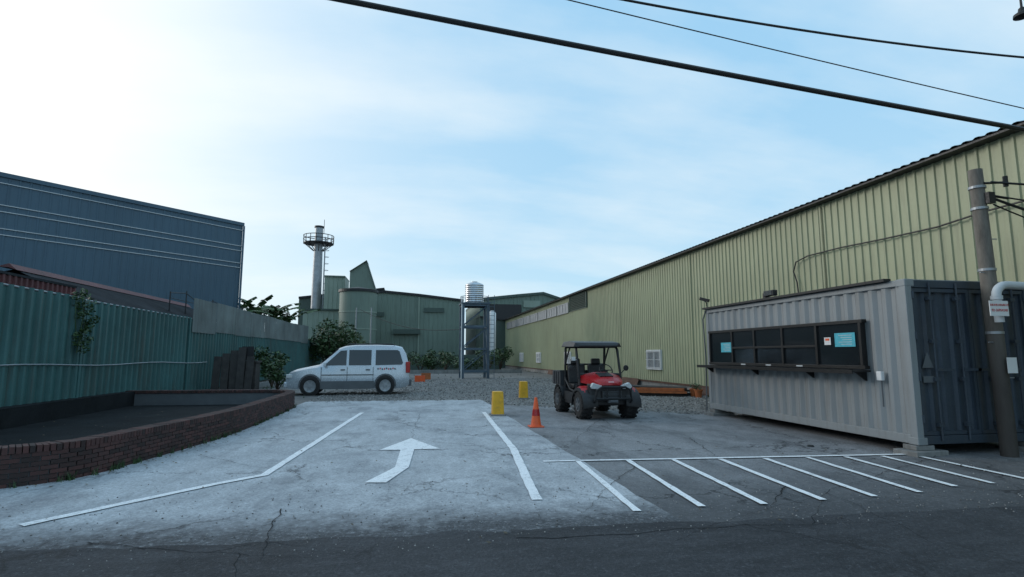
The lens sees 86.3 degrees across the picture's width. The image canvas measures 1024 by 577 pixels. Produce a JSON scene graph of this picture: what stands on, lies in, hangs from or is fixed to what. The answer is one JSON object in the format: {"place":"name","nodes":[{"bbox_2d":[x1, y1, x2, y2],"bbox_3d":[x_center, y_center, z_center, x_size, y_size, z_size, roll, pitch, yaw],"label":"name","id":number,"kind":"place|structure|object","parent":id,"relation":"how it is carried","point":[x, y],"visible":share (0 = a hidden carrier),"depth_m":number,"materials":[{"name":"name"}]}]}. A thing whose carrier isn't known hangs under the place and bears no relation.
{"place":"outdoors","nodes":[
{"label":"outdoors","id":0,"kind":"place"},
{"bbox_2d":[0,263,216,319],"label":"shed","id":1,"kind":"structure","parent":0,"point":[107,294],"depth_m":19.20,"materials":[{"name":"metal"}]},
{"bbox_2d":[168,291,281,319],"bbox_3d":[-15.645,1.882,32.116,0.048,1.540,20.845,1,-7,-10],"label":"pipe railing","id":2,"kind":"object","parent":1,"relation":"attached to","point":[186,301],"visible":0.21,"depth_m":23.51,"materials":[{"name":"metal"}]},
{"bbox_2d":[0,172,244,318],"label":"industrial building","id":3,"kind":"structure","parent":0,"point":[151,249],"depth_m":33.29,"materials":[{"name":"blue painted corrugated metal"}]},
{"bbox_2d":[0,400,678,550],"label":"concrete driveway","id":4,"kind":"structure","parent":0,"point":[463,435],"depth_m":6.30,"materials":[{"name":"concrete"}]},
{"bbox_2d":[20,413,362,525],"bbox_3d":[-3.650,2.732,9.768,1.278,0.001,9.815,0,-7,2],"label":"lane line","id":5,"kind":"object","parent":4,"relation":"on","point":[281,463],"visible":1,"depth_m":6.45,"materials":[{"name":"white paint"}]},
{"bbox_2d":[247,509,305,561],"bbox_3d":[-2.112,2.125,4.778,0.400,0.001,1.436,4,-8,-31],"label":"pavement crack","id":6,"kind":"object","parent":4,"relation":"on","point":[269,530],"visible":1,"depth_m":4.78,"materials":[{"name":"soil"}]},
{"bbox_2d":[366,438,439,481],"bbox_3d":[-1.752,2.561,8.371,0.946,0.001,3.520,-1,-7,8],"label":"direction arrow","id":7,"kind":"object","parent":4,"relation":"on","point":[407,447],"visible":1,"depth_m":8.38,"materials":[{"name":"white paint"}]},
{"bbox_2d":[489,391,505,415],"bbox_3d":[-0.371,2.970,14.106,0.380,0.620,0.380,1,-7,-10],"label":"bollard","id":8,"kind":"object","parent":4,"relation":"on","point":[497,407],"visible":0.96,"depth_m":13.97,"materials":[{"name":"yellow paint"}]},
{"bbox_2d":[25,404,979,542],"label":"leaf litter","id":9,"kind":"object","parent":4,"relation":"on","point":[376,460],"visible":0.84,"depth_m":7.80,"materials":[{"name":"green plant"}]},
{"bbox_2d":[482,412,541,499],"bbox_3d":[-0.187,2.799,10.322,0.239,0.001,9.106,1,-7,-6],"label":"lane line","id":10,"kind":"object","parent":4,"relation":"on","point":[527,479],"visible":1,"depth_m":7.69,"materials":[{"name":"white paint"}]},
{"bbox_2d":[576,460,640,510],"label":"parking line","id":11,"kind":"object","parent":4,"relation":"on","point":[615,492],"visible":1,"depth_m":6.36,"materials":[{"name":"white paint"}]},
{"bbox_2d":[298,288,384,324],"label":"industrial building","id":12,"kind":"structure","parent":0,"point":[305,301],"depth_m":82.08,"materials":[{"name":"metal"}]},
{"bbox_2d":[349,260,375,289],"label":"hopper tower","id":13,"kind":"structure","parent":0,"point":[360,275],"depth_m":74.32,"materials":[{"name":"metal"}]},
{"bbox_2d":[218,368,734,413],"bbox_3d":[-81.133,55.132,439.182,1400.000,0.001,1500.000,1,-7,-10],"label":"ground","id":14,"kind":"structure","parent":0,"point":[300,399],"depth_m":23.45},
{"bbox_2d":[0,270,76,294],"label":"shed","id":15,"kind":"structure","parent":14,"relation":"on","point":[25,281],"depth_m":14.04,"materials":[{"name":"metal"}]},
{"bbox_2d":[0,404,241,451],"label":"soil bed","id":16,"kind":"object","parent":14,"relation":"on","point":[91,424],"visible":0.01,"depth_m":12.41,"materials":[{"name":"soil"}]},
{"bbox_2d":[0,392,134,429],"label":"retaining wall","id":17,"kind":"structure","parent":16,"relation":"on","point":[23,414],"depth_m":13.12,"materials":[{"name":"concrete"}]},
{"bbox_2d":[0,389,294,488],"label":"planter wall","id":18,"kind":"structure","parent":14,"relation":"on","point":[26,464],"depth_m":8.20,"materials":[{"name":"brown brick"}]},
{"bbox_2d":[0,282,321,406],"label":"sheet metal fence","id":19,"kind":"object","parent":14,"relation":"on","point":[37,326],"visible":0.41,"depth_m":15.36,"materials":[{"name":"metal"}]},
{"bbox_2d":[71,288,100,353],"bbox_3d":[-11.108,0.842,14.198,0.434,1.715,1.095,1,-7,-10],"label":"climbing vine","id":20,"kind":"object","parent":19,"relation":"hanging from","point":[85,327],"visible":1,"depth_m":14.18,"materials":[{"name":"green plant"}]},
{"bbox_2d":[0,362,204,365],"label":"conduit pipe","id":21,"kind":"object","parent":19,"relation":"attached to","point":[93,365],"visible":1,"depth_m":14.73,"materials":[{"name":"metal"}]},
{"bbox_2d":[192,298,308,343],"bbox_3d":[-14.434,2.373,32.651,0.035,1.401,22.932,1,-7,-10],"label":"sheet screen","id":22,"kind":"object","parent":19,"relation":"attached to","point":[206,314],"visible":1,"depth_m":27.01,"materials":[{"name":"metal"}]},
{"bbox_2d":[210,346,261,389],"bbox_3d":[-11.190,3.318,22.232,1.611,1.904,1.061,1,-7,-10],"label":"board stack","id":23,"kind":"object","parent":14,"relation":"on","point":[237,370],"visible":0.8,"depth_m":21.87,"materials":[{"name":"wood"}]},
{"bbox_2d":[254,345,290,386],"bbox_3d":[-11.864,3.763,26.466,2.092,2.082,2.198,1,-7,-10],"label":"leafy shrub","id":24,"kind":"object","parent":14,"relation":"on","point":[267,360],"visible":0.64,"depth_m":26.61,"materials":[{"name":"green plant"}]},
{"bbox_2d":[265,359,286,388],"bbox_3d":[-10.283,3.778,23.826,0.881,1.406,1.648,7,-10,-44],"label":"leafy shrub","id":25,"kind":"object","parent":14,"relation":"on","point":[276,375],"visible":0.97,"depth_m":23.53,"materials":[{"name":"green plant"}]},
{"bbox_2d":[235,295,320,323],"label":"banana plant","id":26,"kind":"object","parent":14,"relation":"on","point":[261,308],"visible":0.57,"depth_m":41.33,"materials":[{"name":"green plant"}]},
{"bbox_2d":[303,220,333,308],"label":"chimney stack","id":27,"kind":"object","parent":14,"relation":"on","point":[318,243],"visible":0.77,"depth_m":80.52,"materials":[{"name":"metal"}]},
{"bbox_2d":[302,308,338,361],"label":"outbuilding","id":28,"kind":"structure","parent":14,"relation":"on","point":[312,319],"depth_m":65.87,"materials":[{"name":"metal"}]},
{"bbox_2d":[323,275,348,308],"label":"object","id":29,"kind":"structure","parent":28,"relation":"on","point":[333,284],"depth_m":76.24,"materials":[{"name":"metal"}]},
{"bbox_2d":[308,317,358,363],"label":"bushy tree","id":30,"kind":"object","parent":14,"relation":"on","point":[327,346],"visible":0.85,"depth_m":44.96,"materials":[{"name":"green plant"}]},
{"bbox_2d":[283,343,410,395],"bbox_3d":[-6.566,3.275,22.252,4.831,2.041,2.081,2,-7,-12],"label":"parked car","id":31,"kind":"object","parent":14,"relation":"on","point":[382,369],"visible":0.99,"depth_m":21.53,"materials":[{"name":"silver metal"}]},
{"bbox_2d":[340,333,367,345],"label":"bushy tree","id":32,"kind":"object","parent":14,"relation":"on","point":[359,340],"visible":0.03,"depth_m":52.87,"materials":[{"name":"green plant"}]},
{"bbox_2d":[338,287,377,343],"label":"storage silo","id":33,"kind":"object","parent":14,"relation":"on","point":[352,299],"visible":0.52,"depth_m":63.13,"materials":[{"name":"metal"}]},
{"bbox_2d":[9,369,708,488],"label":"weeds","id":34,"kind":"object","parent":14,"relation":"on","point":[117,467],"visible":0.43,"depth_m":8.34,"materials":[{"name":"green plant"}]},
{"bbox_2d":[370,308,371,343],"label":"lamp post","id":35,"kind":"object","parent":14,"relation":"on","point":[370,325],"visible":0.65,"depth_m":54.30,"materials":[{"name":"metal"}]},
{"bbox_2d":[376,290,463,354],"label":"factory building","id":36,"kind":"structure","parent":14,"relation":"on","point":[436,318],"depth_m":70.92,"materials":[{"name":"metal"}]},
{"bbox_2d":[424,308,443,312],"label":"vent window","id":37,"kind":"structure","parent":36,"relation":"in","point":[425,309],"depth_m":71.31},
{"bbox_2d":[415,375,424,381],"bbox_3d":[-5.423,5.307,32.150,0.600,0.350,0.400,1,-7,-10],"label":"plastic crate","id":38,"kind":"object","parent":14,"relation":"on","point":[419,378],"visible":1,"depth_m":31.95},
{"bbox_2d":[407,349,435,369],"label":"leafy shrub","id":39,"kind":"object","parent":14,"relation":"on","point":[426,363],"visible":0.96,"depth_m":50.61,"materials":[{"name":"green plant"}]},
{"bbox_2d":[421,373,430,379],"bbox_3d":[-5.540,5.649,35.159,0.600,0.400,0.400,1,-7,-10],"label":"plastic crate","id":40,"kind":"object","parent":14,"relation":"on","point":[427,376],"visible":0.71,"depth_m":34.98,"materials":[{"name":"orange paint"}]},
{"bbox_2d":[419,355,446,369],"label":"leafy shrub","id":41,"kind":"object","parent":14,"relation":"on","point":[437,364],"visible":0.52,"depth_m":51.44,"materials":[{"name":"green plant"}]},
{"bbox_2d":[436,349,458,369],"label":"leafy shrub","id":42,"kind":"object","parent":14,"relation":"on","point":[448,359],"visible":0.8,"depth_m":54.16,"materials":[{"name":"green plant"}]},
{"bbox_2d":[407,355,500,369],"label":"boundary wall","id":43,"kind":"structure","parent":14,"relation":"on","point":[494,367],"depth_m":57.31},
{"bbox_2d":[449,355,477,369],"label":"leafy shrub","id":44,"kind":"object","parent":14,"relation":"on","point":[455,363],"visible":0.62,"depth_m":49.61,"materials":[{"name":"green plant"}]},
{"bbox_2d":[474,347,502,368],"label":"leafy shrub","id":45,"kind":"object","parent":14,"relation":"on","point":[496,356],"visible":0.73,"depth_m":49.70,"materials":[{"name":"green plant"}]},
{"bbox_2d":[489,311,495,351],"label":"silo","id":46,"kind":"object","parent":14,"relation":"on","point":[492,345],"visible":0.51,"depth_m":60.11,"materials":[{"name":"white metal"}]},
{"bbox_2d":[492,346,513,369],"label":"leafy shrub","id":47,"kind":"object","parent":14,"relation":"on","point":[505,354],"visible":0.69,"depth_m":57.83,"materials":[{"name":"green plant"}]},
{"bbox_2d":[1,378,1023,572],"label":"gravel stones","id":48,"kind":"object","parent":14,"relation":"on","point":[697,401],"visible":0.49,"depth_m":19.27,"materials":[{"name":"gravel"}]},
{"bbox_2d":[517,381,529,398],"bbox_3d":[0.406,3.628,19.503,0.380,0.620,0.380,1,-7,-10],"label":"bollard","id":49,"kind":"object","parent":14,"relation":"on","point":[523,389],"visible":0.93,"depth_m":19.37,"materials":[{"name":"yellow paint"}]},
{"bbox_2d":[622,377,638,384],"bbox_3d":[6.050,4.798,28.185,0.146,0.388,2.200,1,-7,-10],"label":"metal sheet","id":50,"kind":"object","parent":14,"relation":"on","point":[633,381],"visible":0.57,"depth_m":27.96,"materials":[{"name":"metal"}]},
{"bbox_2d":[632,385,690,396],"bbox_3d":[5.526,3.963,21.234,2.803,0.374,1.236,-2,-7,17],"label":"timber stack","id":51,"kind":"object","parent":14,"relation":"on","point":[654,390],"visible":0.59,"depth_m":20.72,"materials":[{"name":"orange paint"}]},
{"bbox_2d":[689,383,697,396],"bbox_3d":[6.857,3.820,20.625,0.320,0.511,0.320,1,-7,-10],"label":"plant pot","id":52,"kind":"object","parent":14,"relation":"on","point":[692,391],"visible":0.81,"depth_m":20.55,"materials":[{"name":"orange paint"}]},
{"bbox_2d":[694,384,702,397],"bbox_3d":[6.840,3.750,20.044,0.315,0.509,0.315,-3,-7,22],"label":"plant pot","id":53,"kind":"object","parent":14,"relation":"on","point":[698,392],"visible":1,"depth_m":19.95,"materials":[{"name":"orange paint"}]},
{"bbox_2d":[692,385,708,395],"bbox_3d":[7.402,3.930,20.859,0.131,0.340,2.200,1,-7,-10],"label":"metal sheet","id":54,"kind":"object","parent":14,"relation":"on","point":[704,391],"visible":0.14,"depth_m":20.93,"materials":[{"name":"metal"}]},
{"bbox_2d":[503,120,1023,392],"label":"warehouse","id":55,"kind":"structure","parent":14,"relation":"on","point":[648,317],"depth_m":16.50,"materials":[{"name":"green metal"}]},
{"bbox_2d":[517,318,522,326],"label":"high window","id":56,"kind":"structure","parent":55,"relation":"in","point":[519,321],"depth_m":57.52,"materials":[{"name":"glass"}]},
{"bbox_2d":[523,315,529,324],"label":"high window","id":57,"kind":"structure","parent":55,"relation":"in","point":[526,320],"depth_m":54.28,"materials":[{"name":"glass"}]},
{"bbox_2d":[530,313,537,322],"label":"high window","id":58,"kind":"structure","parent":55,"relation":"in","point":[534,317],"depth_m":50.85,"materials":[{"name":"glass"}]},
{"bbox_2d":[536,352,540,362],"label":"window","id":59,"kind":"structure","parent":55,"relation":"in","point":[538,354],"depth_m":48.62,"materials":[{"name":"white glass"}]},
{"bbox_2d":[538,310,546,320],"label":"high window","id":60,"kind":"structure","parent":55,"relation":"in","point":[542,315],"depth_m":47.72,"materials":[{"name":"glass"}]},
{"bbox_2d":[547,306,556,317],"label":"high window","id":61,"kind":"structure","parent":55,"relation":"in","point":[552,312],"depth_m":44.37,"materials":[{"name":"glass"}]},
{"bbox_2d":[557,302,568,315],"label":"high window","id":62,"kind":"structure","parent":55,"relation":"in","point":[564,308],"depth_m":41.17,"materials":[{"name":"glass"}]},
{"bbox_2d":[646,350,662,369],"bbox_3d":[6.654,3.341,25.658,0.140,0.920,1.500,1,-7,-10],"label":"window","id":63,"kind":"structure","parent":55,"relation":"in","point":[653,358],"depth_m":25.54,"materials":[{"name":"glass"}]},
{"bbox_2d":[329,0,1023,131],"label":"overhead wire","id":64,"kind":"object","parent":55,"relation":"attached to","point":[452,21],"visible":1,"depth_m":6.82,"materials":[{"name":"metal"}]},
{"bbox_2d":[568,0,1023,108],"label":"overhead wire","id":65,"kind":"object","parent":55,"relation":"attached to","point":[790,53],"visible":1,"depth_m":9.58,"materials":[{"name":"metal"}]},
{"bbox_2d":[793,201,1023,291],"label":"wall cable","id":66,"kind":"object","parent":55,"relation":"attached to","point":[894,236],"depth_m":12.91,"materials":[{"name":"metal"}]},
{"bbox_2d":[459,281,494,378],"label":"water tower","id":67,"kind":"structure","parent":0,"point":[474,293],"depth_m":36.98,"materials":[{"name":"grey metal"}]},
{"bbox_2d":[476,316,505,367],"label":"covered walkway","id":68,"kind":"structure","parent":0,"point":[500,333],"depth_m":66.67,"materials":[{"name":"metal"}]},
{"bbox_2d":[0,506,1023,576],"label":"road","id":69,"kind":"structure","parent":0,"point":[985,542],"depth_m":4.25,"materials":[{"name":"asphalt"}]},
{"bbox_2d":[88,541,308,576],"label":"pavement crack","id":70,"kind":"object","parent":69,"relation":"on","point":[182,550],"visible":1,"depth_m":4.36,"materials":[{"name":"asphalt"}]},
{"bbox_2d":[516,505,891,549],"bbox_3d":[1.945,2.099,4.566,3.575,0.001,1.369,2,-7,-19],"label":"pavement crack","id":71,"kind":"object","parent":69,"relation":"on","point":[688,528],"visible":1,"depth_m":4.76,"materials":[{"name":"asphalt"}]},
{"bbox_2d":[0,0,1023,354],"label":"sky","id":72,"kind":"structure","parent":0,"point":[443,158],"materials":[{"name":"blue"}]},
{"bbox_2d":[465,292,560,354],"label":"factory building","id":73,"kind":"structure","parent":0,"point":[507,306],"depth_m":75.79,"materials":[{"name":"green metal"}]},
{"bbox_2d":[523,300,539,307],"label":"vent window","id":74,"kind":"structure","parent":73,"relation":"in","point":[529,304],"depth_m":75.80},
{"bbox_2d":[488,403,1023,521],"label":"concrete yard","id":75,"kind":"structure","parent":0,"point":[649,431],"depth_m":7.70,"materials":[{"name":"concrete"}]},
{"bbox_2d":[528,397,543,427],"bbox_3d":[0.520,2.687,11.880,0.313,0.630,0.313,1,-7,-10],"label":"traffic cone","id":76,"kind":"object","parent":75,"relation":"on","point":[535,421],"visible":1,"depth_m":11.80,"materials":[{"name":"orange plastic"}]},
{"bbox_2d":[553,341,641,418],"bbox_3d":[2.133,2.363,14.473,1.630,1.927,2.985,1,-7,-11],"label":"utility vehicle","id":77,"kind":"object","parent":75,"relation":"on","point":[583,391],"visible":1,"depth_m":13.72,"materials":[{"name":"metal"}]},
{"bbox_2d":[626,460,704,505],"bbox_3d":[1.822,2.370,6.803,0.091,0.001,2.485,1,-7,-5],"label":"parking line","id":78,"kind":"object","parent":75,"relation":"on","point":[681,493],"visible":1,"depth_m":6.45,"materials":[{"name":"white paint"}]},
{"bbox_2d":[671,459,767,503],"bbox_3d":[2.503,2.378,6.870,0.090,0.001,2.442,1,-7,-5],"label":"parking line","id":79,"kind":"object","parent":75,"relation":"on","point":[725,484],"visible":1,"depth_m":6.55,"materials":[{"name":"white paint"}]},
{"bbox_2d":[704,409,734,415],"bbox_3d":[5.380,3.213,14.182,0.640,0.155,0.400,2,-7,-16],"label":"support block","id":80,"kind":"object","parent":75,"relation":"on","point":[714,412],"depth_m":14.06,"materials":[{"name":"concrete"}]},
{"bbox_2d":[544,454,905,461],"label":"parking line","id":81,"kind":"object","parent":75,"relation":"on","point":[725,457],"visible":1,"depth_m":8.22,"materials":[{"name":"white paint"}]},
{"bbox_2d":[720,459,824,499],"bbox_3d":[3.209,2.391,6.974,0.091,0.001,2.324,1,-7,-6],"label":"parking line","id":82,"kind":"object","parent":75,"relation":"on","point":[780,482],"visible":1,"depth_m":6.71,"materials":[{"name":"white paint"}]},
{"bbox_2d":[658,456,948,549],"bbox_3d":[4.089,2.276,6.023,6.200,0.001,2.955,2,-7,-19],"label":"pavement crack","id":83,"kind":"object","parent":75,"relation":"on","point":[809,498],"visible":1,"depth_m":5.85,"materials":[{"name":"asphalt"}]},
{"bbox_2d":[763,458,876,495],"bbox_3d":[3.879,2.403,7.071,0.089,0.001,2.220,1,-7,-5],"label":"parking line","id":84,"kind":"object","parent":75,"relation":"on","point":[847,486],"visible":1,"depth_m":6.82,"materials":[{"name":"white paint"}]},
{"bbox_2d":[807,457,921,491],"bbox_3d":[4.531,2.420,7.209,0.091,0.001,2.130,0,-7,-3],"label":"parking line","id":85,"kind":"object","parent":75,"relation":"on","point":[902,486],"visible":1,"depth_m":6.99,"materials":[{"name":"white paint"}]},
{"bbox_2d":[843,456,956,485],"bbox_3d":[5.145,2.440,7.372,0.091,0.001,1.900,1,-7,-5],"label":"parking line","id":86,"kind":"object","parent":75,"relation":"on","point":[902,471],"visible":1,"depth_m":7.17,"materials":[{"name":"white paint"}]},
{"bbox_2d":[893,443,948,457],"bbox_3d":[6.415,2.530,8.578,0.640,0.155,0.400,2,-7,-16],"label":"support block","id":87,"kind":"object","parent":75,"relation":"on","point":[908,449],"depth_m":8.46,"materials":[{"name":"concrete"}]},
{"bbox_2d":[697,279,1023,445],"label":"shipping container","id":88,"kind":"object","parent":87,"relation":"on","point":[921,345],"visible":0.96,"depth_m":9.35,"materials":[{"name":"metal"}]},
{"bbox_2d":[702,311,707,410],"bbox_3d":[5.164,1.904,14.520,0.047,2.638,0.138,4,-8,-29],"label":"downpipe","id":89,"kind":"object","parent":88,"relation":"attached to","point":[705,360],"visible":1,"depth_m":14.53,"materials":[{"name":"grey plastic"}]},
{"bbox_2d":[721,342,730,351],"bbox_3d":[5.319,1.462,13.552,0.006,0.240,0.476,1,-7,-10],"label":"poster","id":90,"kind":"object","parent":88,"relation":"attached to","point":[725,347],"visible":1,"depth_m":13.55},
{"bbox_2d":[762,290,776,297],"bbox_3d":[5.674,0.133,12.025,0.188,0.162,0.482,1,-7,-10],"label":"floodlight","id":91,"kind":"object","parent":88,"relation":"on","point":[769,293],"visible":0.98,"depth_m":11.89,"materials":[{"name":"black plastic"}]},
{"bbox_2d":[708,319,869,368],"bbox_3d":[5.654,1.259,11.888,0.106,0.860,5.021,1,-7,-10],"label":"serving window","id":92,"kind":"structure","parent":88,"relation":"in","point":[796,345],"depth_m":11.19,"materials":[{"name":"glass"}]},
{"bbox_2d":[824,337,830,344],"bbox_3d":[5.926,0.990,10.260,0.007,0.140,0.160,1,-7,-10],"label":"notice","id":93,"kind":"object","parent":88,"relation":"attached to","point":[827,340],"visible":1,"depth_m":10.26,"materials":[{"name":"paper"}]},
{"bbox_2d":[834,332,855,346],"bbox_3d":[6.003,0.925,9.857,0.006,0.250,0.473,1,-7,-10],"label":"poster","id":94,"kind":"object","parent":88,"relation":"attached to","point":[844,339],"visible":1,"depth_m":9.84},
{"bbox_2d":[876,371,884,406],"bbox_3d":[6.152,1.673,9.094,0.070,0.580,0.100,1,-7,-10],"label":"outlet box","id":95,"kind":"object","parent":88,"relation":"attached to","point":[880,376],"visible":1,"depth_m":9.08,"materials":[{"name":"white plastic"}]},
{"bbox_2d":[911,283,981,440],"bbox_3d":[6.960,1.148,8.747,1.157,2.480,0.135,1,-7,-10],"label":"end door","id":96,"kind":"structure","parent":88,"relation":"in","point":[942,321],"depth_m":8.77,"materials":[{"name":"blue paint"}]},
{"bbox_2d":[968,289,1023,433],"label":"end door","id":97,"kind":"structure","parent":88,"relation":"in","point":[1013,326],"depth_m":8.96,"materials":[{"name":"blue paint"}]},
{"bbox_2d":[883,456,993,482],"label":"parking line","id":98,"kind":"object","parent":75,"relation":"on","point":[940,470],"visible":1,"depth_m":7.29,"materials":[{"name":"white paint"}]},
{"bbox_2d":[919,456,1023,478],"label":"parking line","id":99,"kind":"object","parent":75,"relation":"on","point":[973,467],"visible":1,"depth_m":7.49,"materials":[{"name":"white paint"}]},
{"bbox_2d":[967,168,1019,457],"bbox_3d":[7.713,0.319,8.598,0.565,4.554,0.297,-3,-7,22],"label":"utility pole","id":100,"kind":"object","parent":75,"relation":"on","point":[981,198],"visible":0.98,"depth_m":8.60,"materials":[{"name":"concrete"}]},
{"bbox_2d":[990,281,1023,321],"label":"conduit pipe","id":101,"kind":"object","parent":100,"relation":"attached to","point":[997,290],"visible":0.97,"depth_m":8.39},
{"bbox_2d":[989,301,1008,315],"bbox_3d":[7.379,0.300,8.274,0.340,0.230,0.017,1,-7,-10],"label":"sign","id":102,"kind":"object","parent":101,"relation":"attached to","point":[998,308],"visible":1,"depth_m":8.27,"materials":[{"name":"white plastic"}]},
{"bbox_2d":[990,181,1023,184],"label":"service cable","id":103,"kind":"object","parent":100,"relation":"attached to","point":[998,182],"visible":1,"depth_m":8.76,"materials":[{"name":"rubber"}]},
{"bbox_2d":[993,204,1023,217],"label":"service cable","id":104,"kind":"object","parent":100,"relation":"attached to","point":[1008,210],"visible":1,"depth_m":8.77,"materials":[{"name":"rubber"}]},
{"bbox_2d":[995,195,1023,200],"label":"service cable","id":105,"kind":"object","parent":100,"relation":"attached to","point":[1009,198],"visible":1,"depth_m":8.75,"materials":[{"name":"rubber"}]},
{"bbox_2d":[996,198,1023,210],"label":"service cable","id":106,"kind":"object","parent":100,"relation":"attached to","point":[1009,204],"visible":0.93,"depth_m":8.75,"materials":[{"name":"rubber"}]},
{"bbox_2d":[1006,357,1017,372],"bbox_3d":[7.693,1.181,8.399,0.180,0.240,0.008,1,-7,-10],"label":"notice","id":107,"kind":"object","parent":100,"relation":"attached to","point":[1012,366],"visible":1,"depth_m":8.39,"materials":[{"name":"paper"}]},
{"bbox_2d":[1018,441,1023,451],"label":"support block","id":108,"kind":"object","parent":75,"relation":"on","point":[1021,445],"depth_m":8.85,"materials":[{"name":"concrete"}]},
{"bbox_2d":[620,0,1023,58],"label":"overhead wire","id":109,"kind":"object","parent":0,"point":[802,30],"visible":1,"depth_m":10.35,"materials":[{"name":"metal"}]},
{"bbox_2d":[1013,0,1023,20],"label":"street lamp","id":110,"kind":"object","parent":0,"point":[1018,15],"visible":1,"depth_m":10.02,"materials":[{"name":"metal"}]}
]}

Directions → Go through the data above and tally every line that includes "glass". State only the total.

Task answer → 9